L’azione – che si svolge spartanamente su un medesimo sfondo nero dal quale emergono di volta in volta i personaggi – si sposta da Melfi al carcere di Salerno, dove Aldrigo è imprigionato dopo essere stato tradito da chi preferisce trasformarsi da borbonico a filosabaudo. L’epilogo è un acme tragico, che in qualche modo ricorda – rovesciandolo – quello della Tosca di Puccini. Argenzia riesce a penetrare nelle segrete di Salerno e a incontrare Seguerto: più che dalla esecuzione è terrorizzato da ciò che verrà prima, la tortura, che potrebbe costringerlo a rivelare ai nemici preziose informazioni. La baronessa non esita: estrae la pistola e, nell’ultimo abbraccio, gli spara un colpo di pistola, liberandolo per sempre dal dolore e dall’angoscia. “Memento domine” commenta nell’epilogo il Munaciello: “tutti dicono che non è vero niente, ma tu, Signore, ricordati delle sofferenze del popolo del Sud”.
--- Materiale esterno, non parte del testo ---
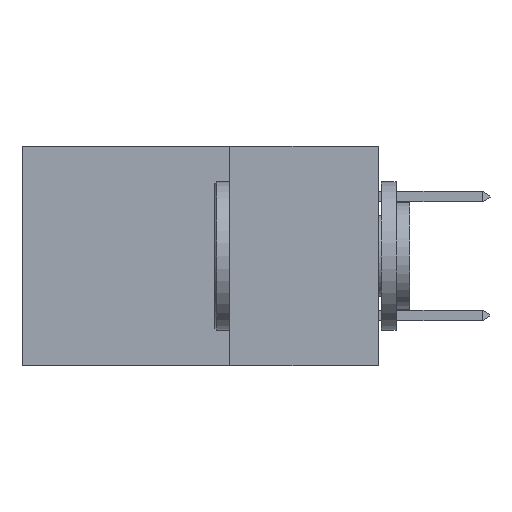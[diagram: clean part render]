
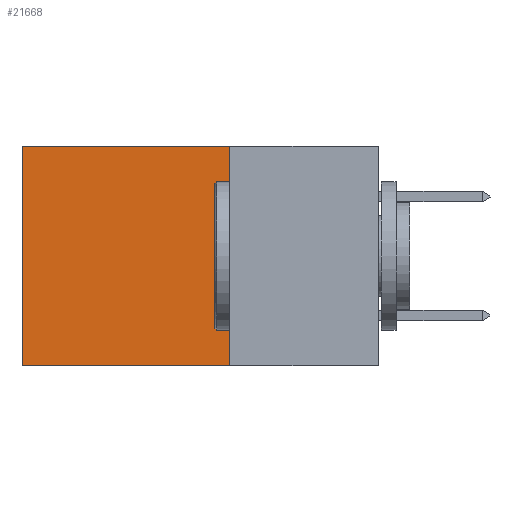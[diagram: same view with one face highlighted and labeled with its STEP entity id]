
A CAD part, left-side view. The second image highlights one B-rep face of the part: STEP entity #21668.
In plain terms, the highlighted planar face has unit normal (-1, 0, 0).
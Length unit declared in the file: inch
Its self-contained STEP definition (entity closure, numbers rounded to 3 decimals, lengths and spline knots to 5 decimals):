
#29 = VERTEX_POINT ( 'NONE', #14785 ) ;
#133 = LINE ( 'NONE', #5822, #328 ) ;
#328 = VECTOR ( 'NONE', #15286, 39.37008 ) ;
#343 = CARTESIAN_POINT ( 'NONE',  ( 0.298, 0.25, 0. ) ) ;
#1015 = VERTEX_POINT ( 'NONE', #4191 ) ;
#1514 = EDGE_CURVE ( 'NONE', #10998, #1015, #133, .T. ) ;
#1656 = ORIENTED_EDGE ( 'NONE', *, *, #1514, .T. ) ;
#3249 = PLANE ( 'NONE',  #8586 ) ;
#3276 = EDGE_CURVE ( 'NONE', #29, #10998, #7412, .T. ) ;
#3884 = CARTESIAN_POINT ( 'NONE',  ( 0.298, 0.25, -0.37 ) ) ;
#4106 = EDGE_CURVE ( 'NONE', #6412, #1015, #4209, .T. ) ;
#4191 = CARTESIAN_POINT ( 'NONE',  ( 0.298, 0.6, -0.37 ) ) ;
#4209 = LINE ( 'NONE', #3884, #13165 ) ;
#4238 = CARTESIAN_POINT ( 'NONE',  ( 0.298, 0.6, 0. ) ) ;
#5109 = DIRECTION ( 'NONE',  ( 1., 0., 0. ) ) ;
#5822 = CARTESIAN_POINT ( 'NONE',  ( 0.298, 0.6, 0. ) ) ;
#6198 = DIRECTION ( 'NONE',  ( 0., 1., 0. ) ) ;
#6412 = VERTEX_POINT ( 'NONE', #12990 ) ;
#6845 = VECTOR ( 'NONE', #18081, 39.37008 ) ;
#7412 = LINE ( 'NONE', #20819, #6845 ) ;
#8586 = AXIS2_PLACEMENT_3D ( 'NONE', #15751, #5109, #17571 ) ;
#9906 = ORIENTED_EDGE ( 'NONE', *, *, #4106, .F. ) ;
#10070 = VECTOR ( 'NONE', #16423, 39.37008 ) ;
#10998 = VERTEX_POINT ( 'NONE', #4238 ) ;
#12990 = CARTESIAN_POINT ( 'NONE',  ( 0.298, 0.25, -0.37 ) ) ;
#13165 = VECTOR ( 'NONE', #6198, 39.37008 ) ;
#14785 = CARTESIAN_POINT ( 'NONE',  ( 0.298, 0.25, 0. ) ) ;
#15286 = DIRECTION ( 'NONE',  ( 0., 0., -1. ) ) ;
#15751 = CARTESIAN_POINT ( 'NONE',  ( 0.298, 0.25, 0. ) ) ;
#16423 = DIRECTION ( 'NONE',  ( 0., 0., -1. ) ) ;
#17571 = DIRECTION ( 'NONE',  ( 0., 0., -1. ) ) ;
#17733 = EDGE_LOOP ( 'NONE', ( #1656, #9906, #20549, #22853 ) ) ;
#18081 = DIRECTION ( 'NONE',  ( 0., 1., 0. ) ) ;
#18877 = EDGE_CURVE ( 'NONE', #29, #6412, #19396, .T. ) ;
#19396 = LINE ( 'NONE', #343, #10070 ) ;
#20549 = ORIENTED_EDGE ( 'NONE', *, *, #18877, .F. ) ;
#20735 = FACE_OUTER_BOUND ( 'NONE', #17733, .T. ) ;
#20819 = CARTESIAN_POINT ( 'NONE',  ( 0.298, 0.25, 0. ) ) ;
#21668 = ADVANCED_FACE ( 'NONE', ( #20735 ), #3249, .F. ) ;
#22853 = ORIENTED_EDGE ( 'NONE', *, *, #3276, .T. ) ;

Un dramma, Quell’amara unità, memore degli eroi coraggiosi innestati negli sconvolgimenti della Storia che popolano i melodrammi, da Andrea Chenier a Fidelio. La compagnia “Assoteatro”, proveniente da Battipaglia, si è giovata della essenziale regia di Vito Cesaro. Gli interpreti – agili nel dialetto campano – sono stati Marco Junion Marrone, Filippo D’Amato, Dora Crudele, Eduardo Di Lorenzo, Christian Salicone. Uniti nella scena finale come in un tableau vivant nel quale il Tricolore è ammainato e trionfa quello con lo stemma sabaudo.

Il vincitore del Roma Fringe Festival – giuria presieduta da Manuela Kustermann, proclamazione il 26 aprile al teatro del Vascello – avrà l’opportunità di questi tempi rara: una tournée di dodici date nei teatri che compongono la rete di Zona Indipendente, dislocati su tutta la Penisola e che si sono messi in gioco per creare una rete Fringe nazionale.